Chapter 3 Least Squares Kernel Estimators
We start with an introduction to kernel estimators as a building block of nonparametric technique and continue with a discussion of assumptions typically made. We refer to this set of assumptions and their extensions for the other nonparametric estimators as we will review in the subsequent sections.
Assume that we have a collection of independently and identically distributed (i.i.d.) observations \({(Yi, Xi)}^n_i=1\) realized from a joint probability density function (p.d.f.) \(f(y, x)\). We can write unknown regression relationship between Y and X as
\[\begin{equation} Y_i =g(X_i)+ε_i, i=1,...,n, \end{equation}\]

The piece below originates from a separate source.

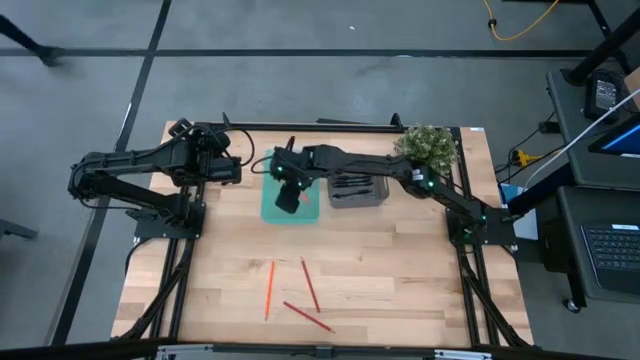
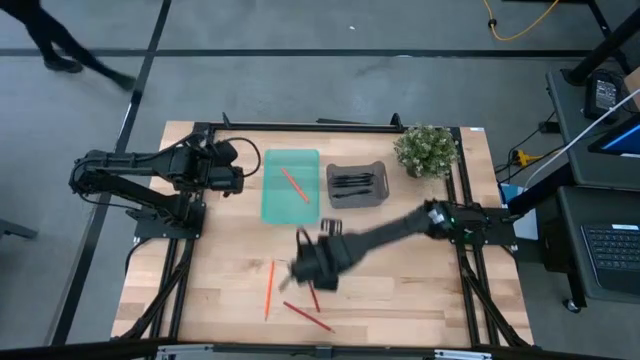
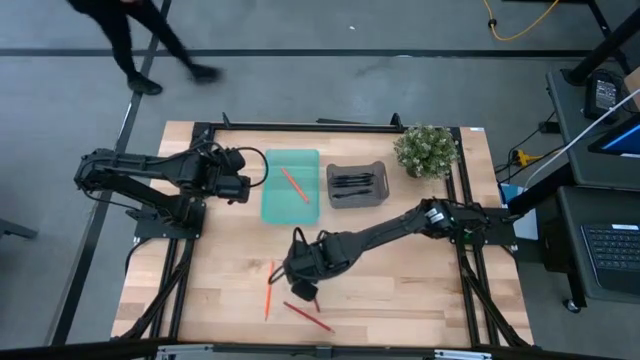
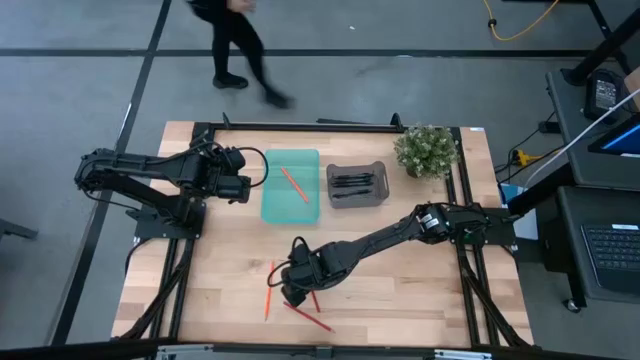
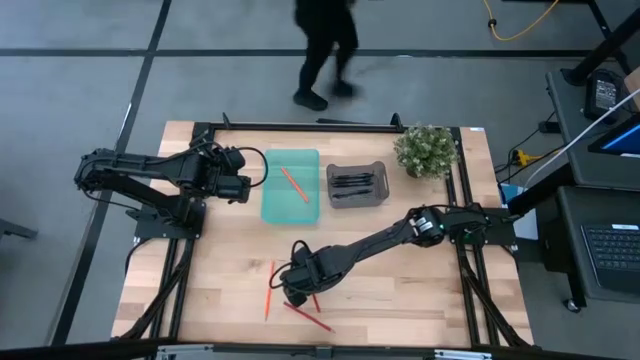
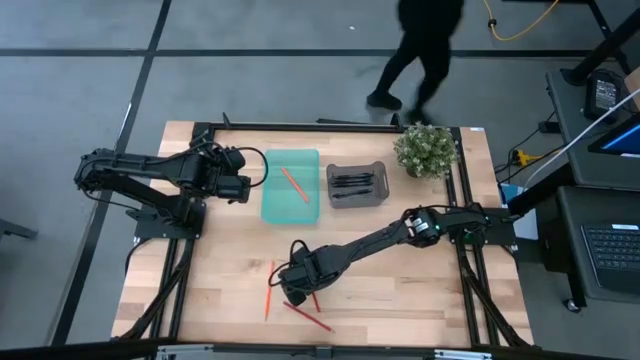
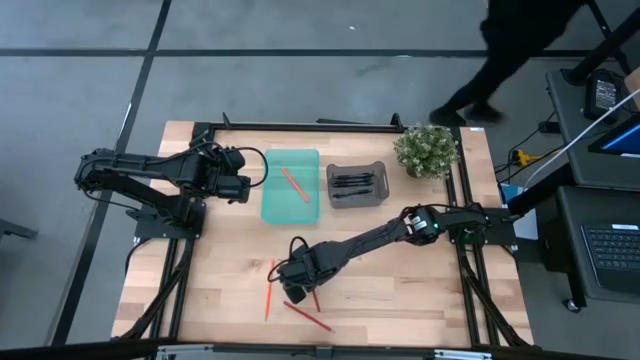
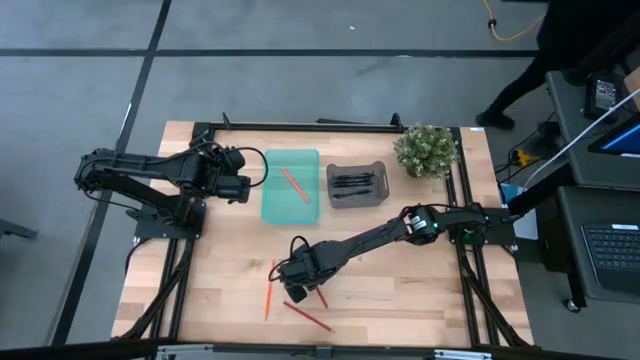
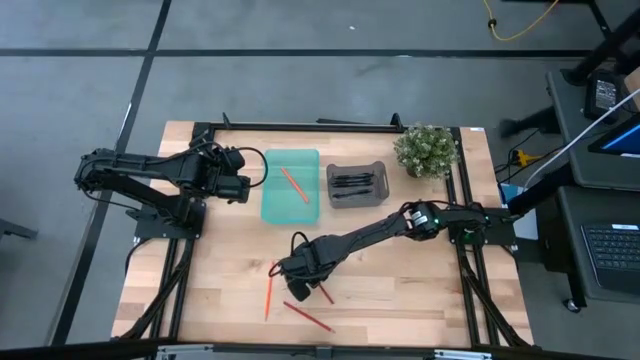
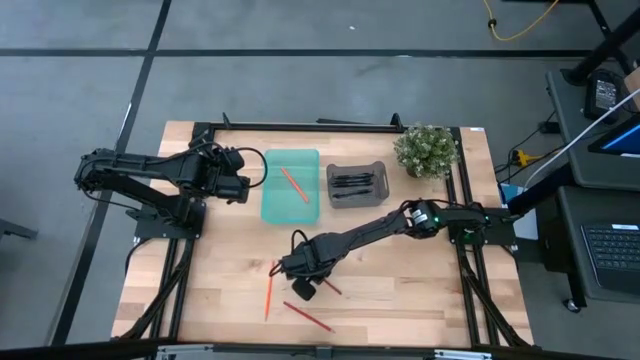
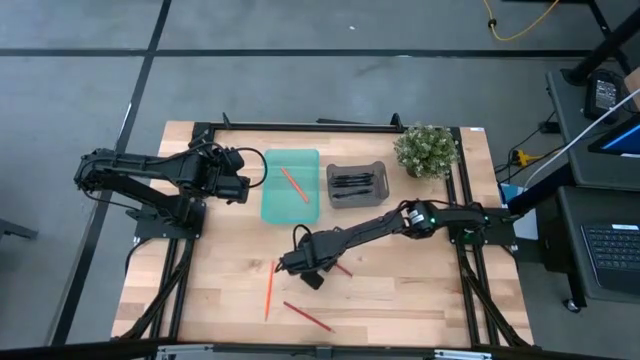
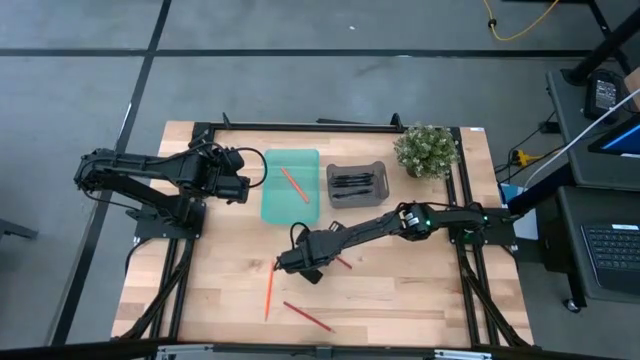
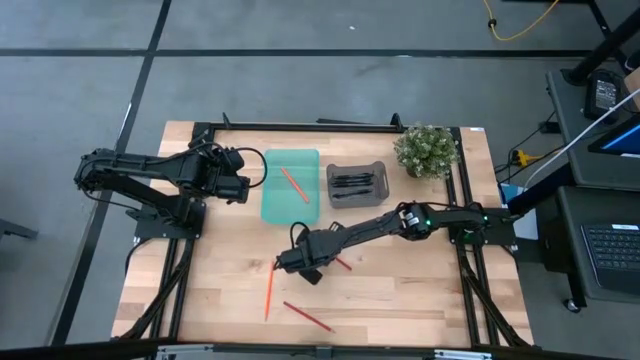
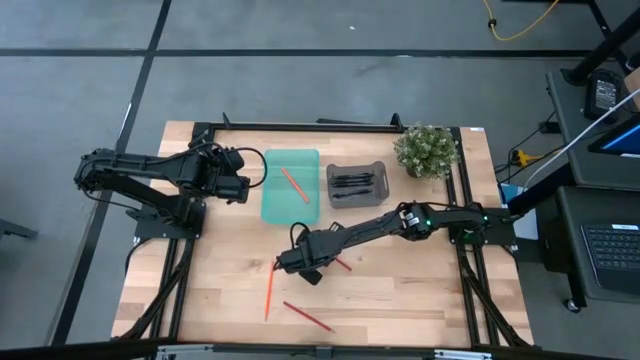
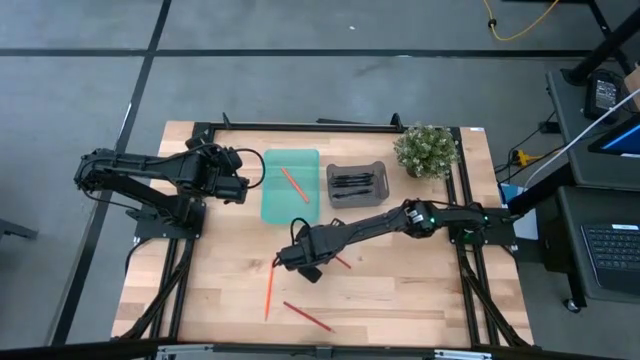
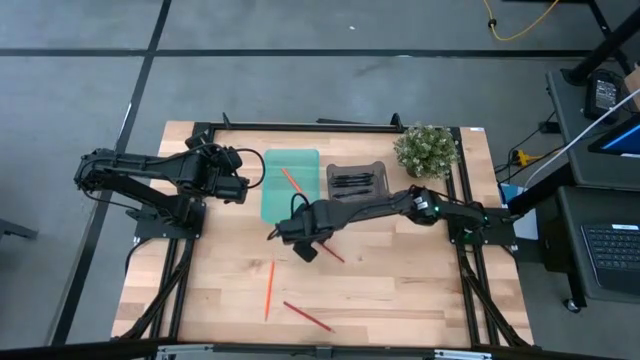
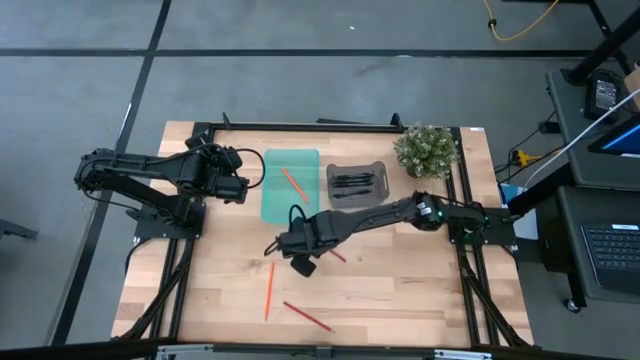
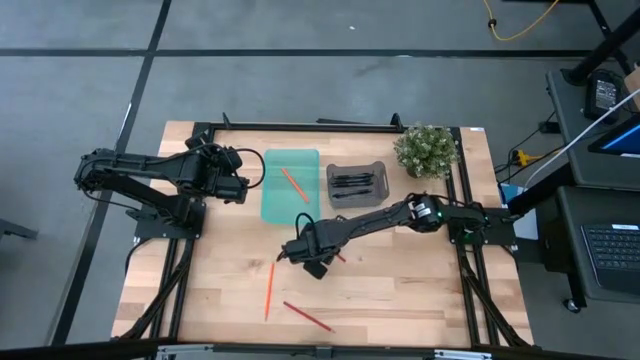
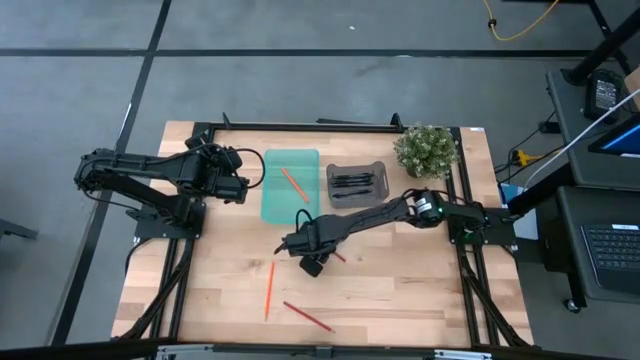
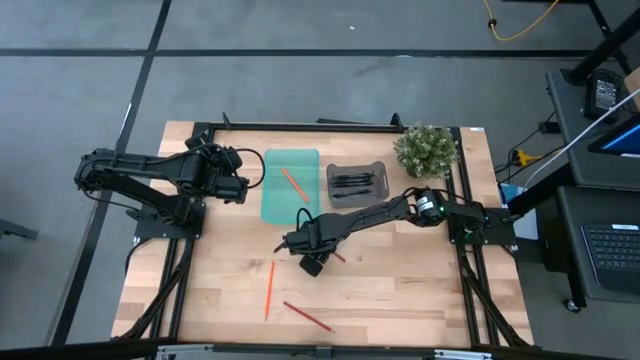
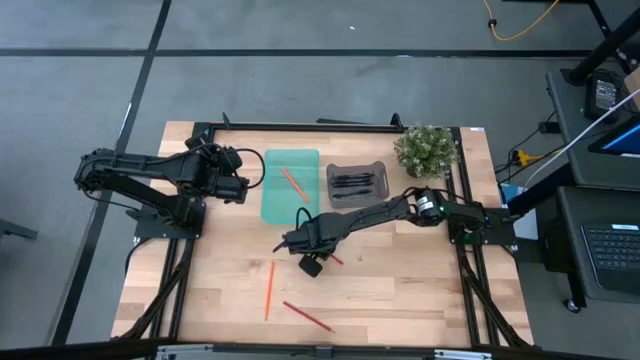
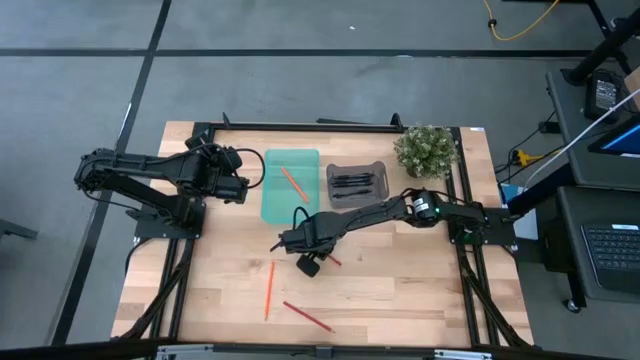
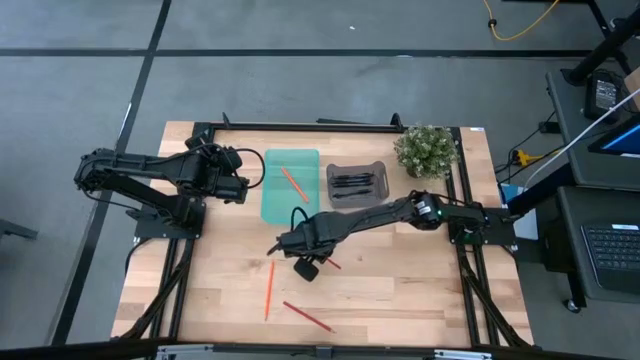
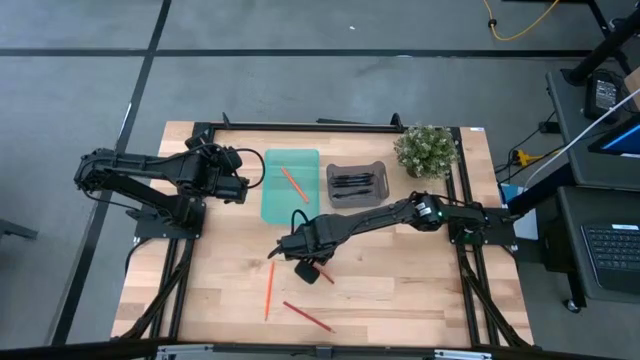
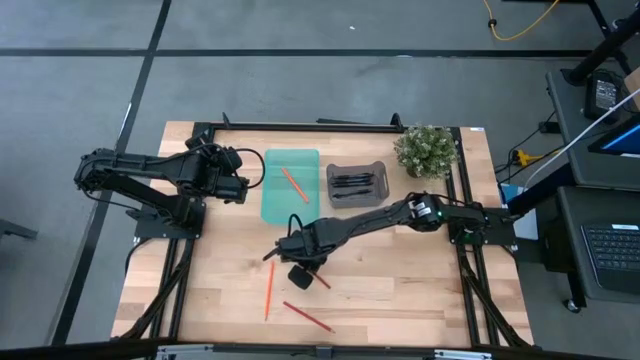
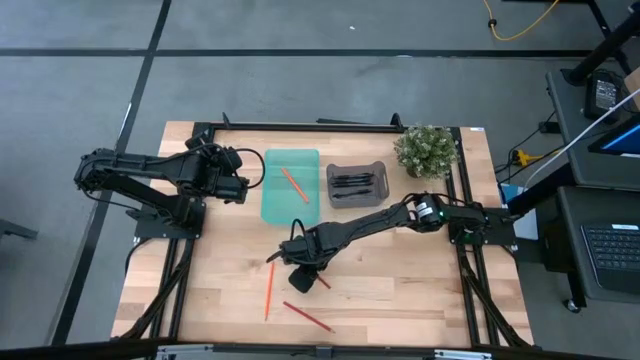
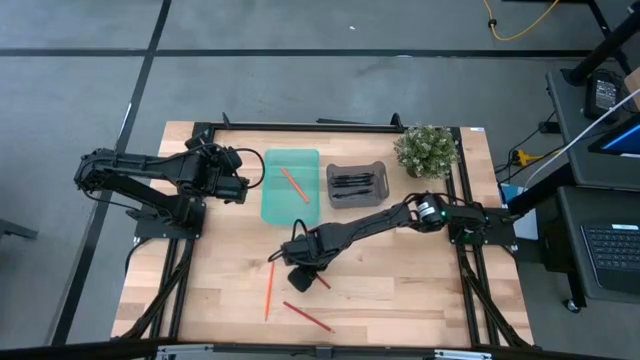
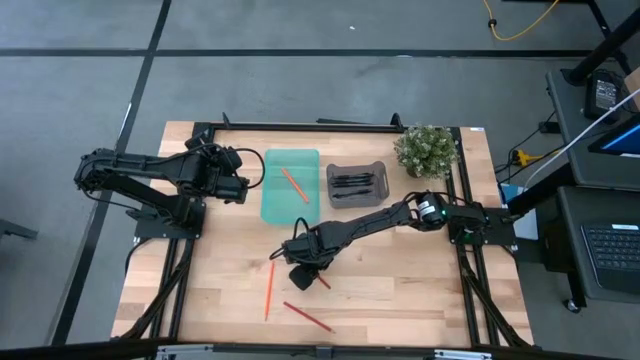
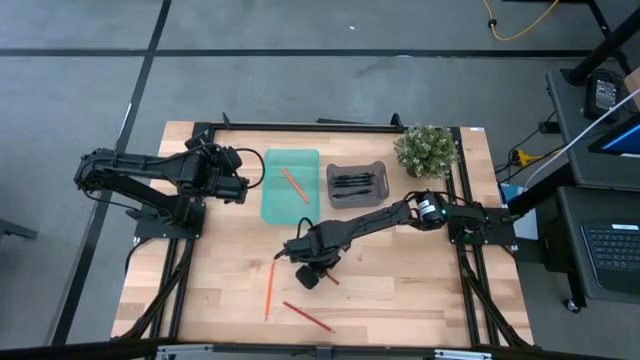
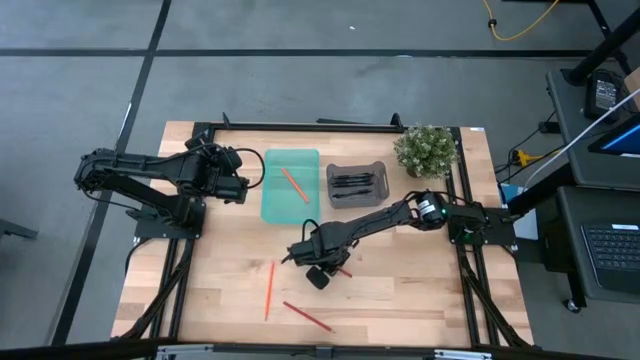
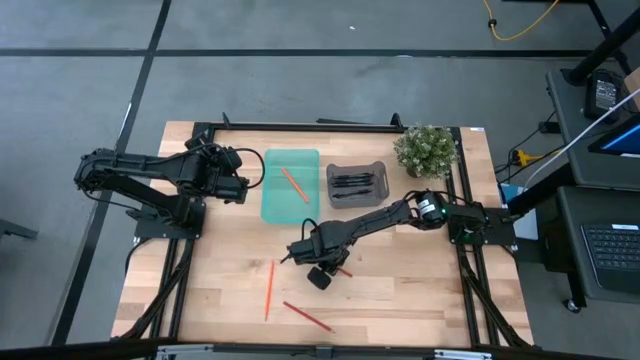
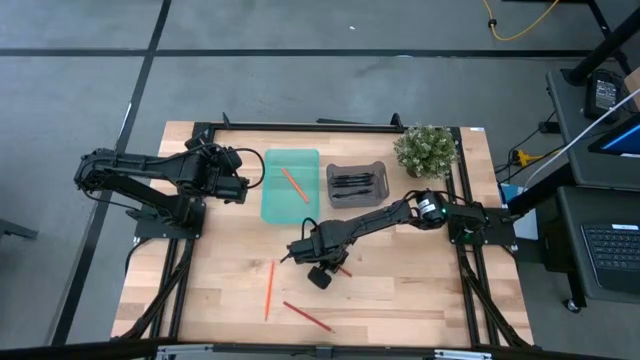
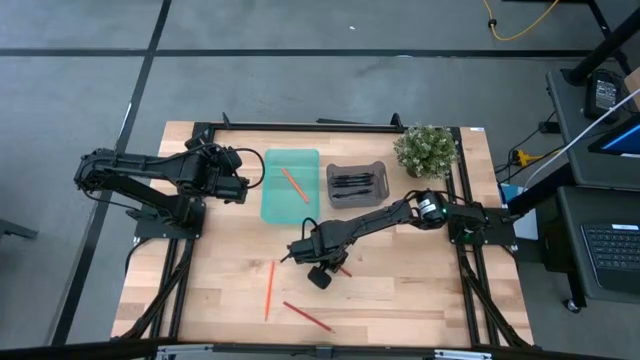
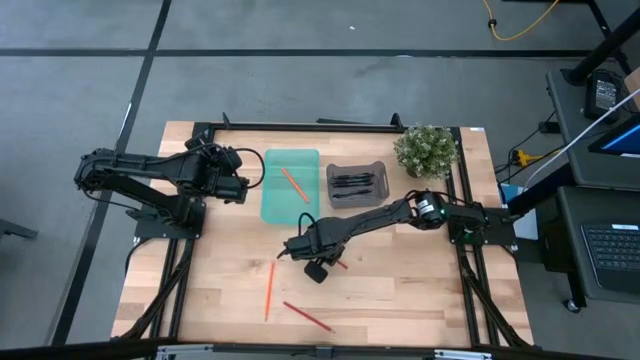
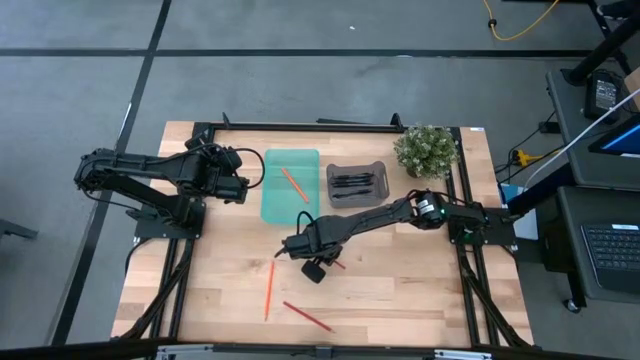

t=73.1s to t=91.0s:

where g(·) is an unspecified function and \(ε_i\)’s are observation errors. If we believe that g(·), true regression function, is smooth, i.e., a differentiable function up to some degree, then we can use a local average of data near a point x, rather than at a point x, to construct an estimator of g(·). Formally, we can write the estimator of g as
\[\begin{equation} \hat{g}(x)=\sum_{j=1}^{n}w_j(x,X_j;h)Y_j \end{equation}\]
which is called a linear smoother. Note that \(w_j\) is a weight assigned to each \(Y_j\) calculated for each \(X_j\) in the h−neighborhood of x, where h is called the smoothing parameter that determines the size of the local neighborhood.
If we assume \(\{w_j\}_{j=1}^{n}\) is a sequence of nonnegative weights and \(\sum_{j=1}^{n} w_j(x,X_j;h)=1\) for each x, then Equation 2.2 can be obtained from a minimization of locally weighted least squares problem:
\[\begin{equation} \min_{a}\sum_{j=1}^{n}(Y_j-a)^2K((x-X_j)/h), \end{equation}\]
where \(K(·)\) denotes a symmetric kernel weight function. The solution of this problem is
\[\begin{equation} \hat{a}\equiv\hat{g}(x)=\frac{\sum_{1=1}^{n}Y_iK((x-X_i)/h)}{\sum_{i=1}^{n}K((x-X_i)/h)} \end{equation},\]
which is known as the Nadaraya-Watson kernel estimator, \(K((x−Xi )/h)\) and \(w_i\) in (2.2) can be explicitly written as
\[\begin{equation} \frac{K((x-X_i)/h)}{\sum_{j=1}^{n}K((x-X_j)/h)}, \end{equation}\]
which is the weight attached to \(Y_i\) for each i = 1, …, n. Note that \(K(·)\) assigns specific weights to each \(X_j\) depending on its closeness to the point at which we estimate the unknown function.